It should be either the constraint above, or the one below, but we shouldn't need both. That being said, neither work. *Hopefully now they do*

In [41]:
# Add Student assignment constraint (must have two classes)
## WE CAN ELIMINATE THIS, IF WE FORCE A STUDENT IN ONE COURSE PER PERIOD
# for i in S:
#         m.addCons(quicksum(X[i,j] for j in C) == 6) # one per period
#         num_cons += 1

$x_{i,j} \leq P{i,j} \; \forall i \in S, j \in C$ -- Students only given courses they have put a preference over.

In [42]:
# Students only given courses they preferenced
for i in S:
    for j in C:
        #m.addCons((1 - X[i,j]) + P[i][j] >= 1)
        m.addCons(X[i,j] <= P[i][j])
        num_cons += 1

$\sum_{t \in T} u_{i,j,t} = x_{i,j} \; \forall i \in S, j \in C$ -- Ties the $u$ varible to the $x$ variable for course and student. 

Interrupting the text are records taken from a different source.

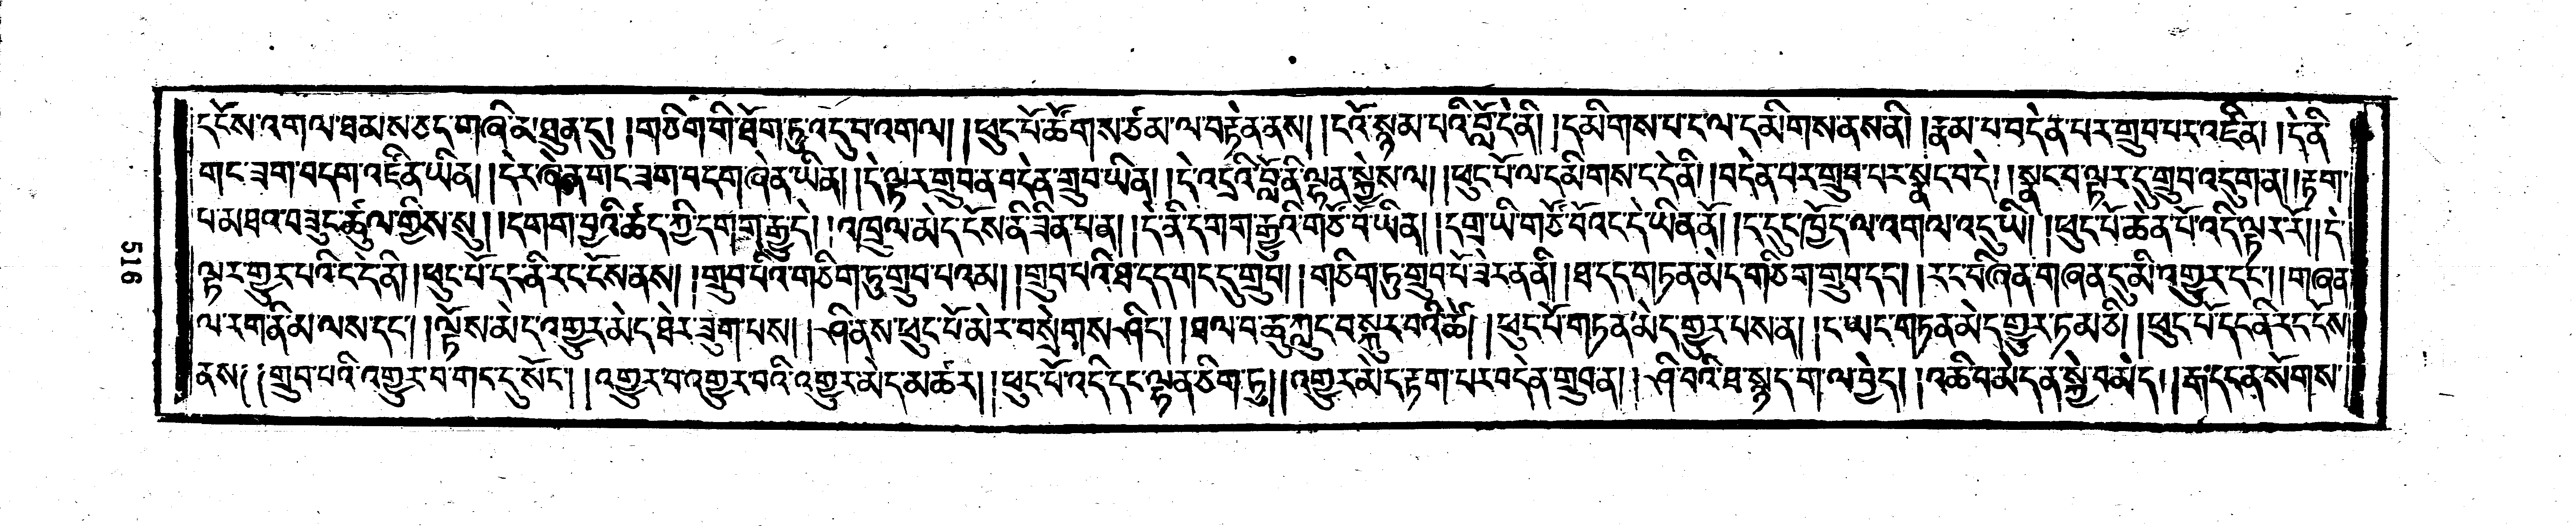དངོས་འགལ་ཐམས་ཅད་གཞི་མཐུན་དུ། །གཅིག་གི་ཐོག་ཏུ་འདུ་བ་འགལ། །ཕུང་པོ་ཚོགས་ཙམ་ལ་བརྟེན་ནས། །ངའོ་སྙམ་པའི་བློ་དེ་ནི། །དམིགས་པ་ང་ལ་དམིགས་ནས་ནི། །རྣམ་པ་བདེན་པར་གྲུབ་པར་འཛིན། །དེ་ནི་
གང་ཟག་བདག་འཛིན་ཡིན། །དེར་ཞེན་གང་ཟག་བདག་ཞེན་ཡིན། །དེ་ལྟར་གྲུབ་ན་བདེན་གྲུབ་ཡིན། །དེ་འདྲའི་བློ་ནི་ལྷན་སྐྱེས་ལ། །ཕུང་པོ་ལ་དམིགས་ང་དེ་ནི། །བདེན་པར་གྲུབ་པར་སྣང་བ་དེ། །སྣང་བ་ལྟར་དུ་གྲུབ་འདུག་ན། །རྟག་
པ་མཐའ་བཟུང་ཚུལ་གྱིས་སུ། །དགག་བྱའི་ཚད་ཀྱི་དགག་རྒྱུ་དེ། །འཁྲུལ་མེད་ངོས་ནི་ཟིན་པ་ན། །དེ་ནི་དགག་རྒྱུའི་གཙོ་བོ་ཡིན། །དགྲ་ཡི་གཙོ་པོའང་དེ་ཡིན་ནོ། །ད་དུང་ཁྱོད་ལ་འགལ་འདུ་ཡི། །ཕུང་པོ་ཆེན་པོ་འདི་ལྟར་རོ། །དེ་
ལྟར་གྱུར་པའི་ང་དེ་ནི། །ཕུང་པོ་དང་ནི་རང་ངོས་ནས། །གྲུབ་པའི་གཅིག་ཏུ་གྲུབ་པའམ། །གྲུབ་པའི་ཐ་དད་གང་དུ་གྲུབ། །གཅིག་ཏུ་གྲུབ་པོ་ཟེར་ན་ནི། །ཐ་དད་གཏན་མེད་གཅིག་གྲུབ་དང་། །རང་བཞིན་གཞན་དུ་མི་འགྱུར་དང་། །གཞན་
ལ་རག་ནི་མ་ལས་དང་། །ལྟོས་མེད་འགྱུར་མེད་ཐེར་ཟུག་པས། །ཤི་ནས་ཕུང་པོ་མེར་བསྲེགས་ཤིང་། །ཐལ་བ་ཆུ་ཀླུང་བསྐུར་བའི་ཚེ། །ཕུང་པོ་གཏན་མེད་གྱུར་པས་ན། །ང་ཡང་གཏན་མེད་གྱུར་ཏམ་ཅི། །ཕུང་པོ་དང་ནི་རང་ངོས་
ནས༑ ༑གྲུབ་པའི་འགྱུར་བ་གང་དུ་སོང་། །འགྱུར་བ་འགྱུར་བའི་འགྱུར་མེད་མཚར། །ཕུང་པོ་འདི་དང་ལྷན་ཅིག་ཏུ། །འགྱུར་མེད་རྟག་པར་བདེན་གྲུབ་ན། །ཤི་བར་ཐ་སྙད་ག་ལ་བྱེད། །འཆི་བ་མེད་ན་སྐྱེ་བ་མེད། །རྒ་དང་ན་སོགས་

$u_{i,j,t} \leq c_{j,t} \; \forall i \in S, j \in C, t \in T$ -- Ties $u$ to $c$ ensuring a student is not signed up for a course in a period in which the course will not be offered.

In [43]:
# "AND" Constraint--no more than one course per period for a student
for i in S:
    for j in C:
        m.addCons(X[i,j] == quicksum(U[i,j,t] for t in T))
        num_cons += 1
        for t in T:
            m.addCons(Course[j,t] >= U[i,j,t])
            num_cons += 1

In [44]:
## This is the old way pre-frans, just left so we can keep track if we want to go back
# for i in S:
#     for j in C:
#         for t in T:
#             m.addCons(U[i,j,t] >= X[i,j] + Course[j,t] - 1)
#             m.addCons(U[i,j,t] <= X[i,j])
#             m.addCons(U[i,j,t] <= Course[j,t])
#             num_cons += 3

$\text{min} \geq \sum_{i \in S} x_{i,j} \leq \text{max} \; \forall j \in C$ -- course size constraints.

In [45]:
# Add capacity and minimum constraint
for j in range(len(C)):
    #m.addCons(quicksum(X[i,j] for i in S) <= MAX[j])
    m.addCons(quicksum(X[i,j] for i in S) <= 100)
    #m.addCons(quicksum(X[i,j] for i in S) >= 0)
    num_cons += 2

## Possible Proximity Fix

The following outlines a possible fix for the proximity constraints:

Firstly, we need to define proximity matricies **for each subject**. These will be a list of *every* course, and the entry for that course will have a 1 if it is in that subject/counts for the requirement. 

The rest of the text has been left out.